When you are walking around Paris, there are some places in the city -- particularly in the older neighborhoods that pre-date the Haussmannian redevelopment -- where you can still find the old street names engraved in stone alongside the newer street names on their iconic blue-green-and-white plaques.
This one, on the corner of a pillar at the Saint Sulpice church, shows us that the original street name next to the church was Rue des Aveugles or the Street of the Blind. (By the way... the holes in the stone that looks like gunshot marks? May well be exactly that. During the Revolution, churches were often vandalised and even destroyed as the Revolutionaries were very anti-religion. And during WWII and the Liberation of Paris, there were many altercations between the Resistance and the Nazi occupiers. So... bullet holes in a church? Quite possible, although they could also be from erosion.)

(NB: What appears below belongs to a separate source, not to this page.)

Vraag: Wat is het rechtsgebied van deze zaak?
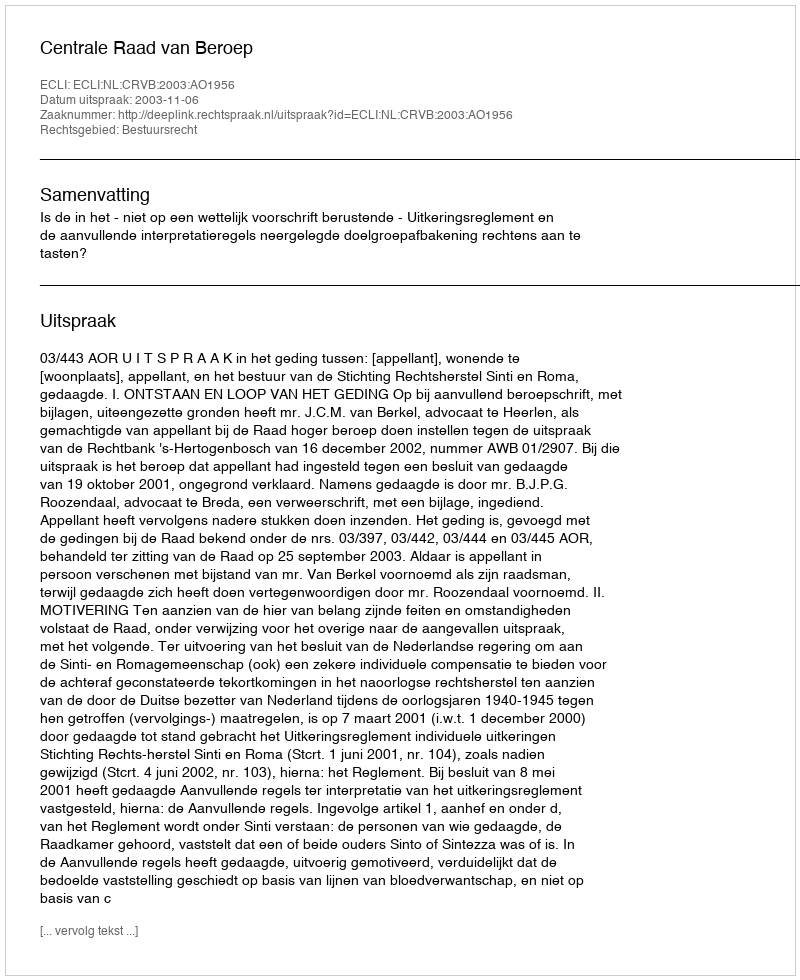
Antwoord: Bestuursrecht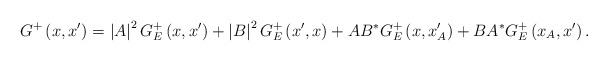
LaTeX: \begin{align*}G^{+}\left( x,x^{\prime }\right) =\left| A\right| ^{2}G_{E}^{+}\left(x,x^{\prime }\right) +\left| B\right| ^{2}G_{E}^{+}\left( x^{\prime},x\right) +AB^{\ast }G_{E}^{+}\left( x,x_{A}^{\prime }\right) +BA^{\ast}G_{E}^{+}\left( x_{A},x^{\prime }\right) . \end{align*}

You will most often see these stone street "signs" in parts of the 4th (especially on the two islands in the Seine which are the original part of Paris), 5th and 6th arrondissements, as well as in the Marais where there are still 13th-century structures standing. I found an interesting site that talks about the history of street names in Paris.
And if you want to know the history behind the naming of a particiular Parisian rue, you can type in the street name at this Mairie web site. (The site is in French and you will need to enable Java in your browser for it to work.) For instance, I learned that Rue Marcadet, where I lived with Georges when we were first together, was once known as the Rue des Boeufs (Cattle or Beef Street) and that the name Marcadet comes from La Mercade or la Marcadé which was the name of a small hamlet; and Rue Durantin, where we have our guest apartment, was simply named after someone who owned some part of the property along that street. Not very exciting, but the Champs Elysées dates back to 1680 and was named after the mythological Elysian Fields.
The rue Saint Sulpice had several renamings over its long history, according to this web site, and the small part of the now-longer street that runs just alongside the church was previously called:
- rue Saint-Sulpice (1580)
- rue du Petit Saint-Sulpice or petite rue Saint-Sulpice (1595)
- rue de l'Aveugle (1636)
- rue des Prêtres (1642-1652), and then finally...
- rue des Aveugles (de 1697 à 1815)
- ...before coming back to it's original and current name of rue Saint-Sulpice.
It's obvious that in old Paris, street names were NOT "set in stone"... even when they WERE.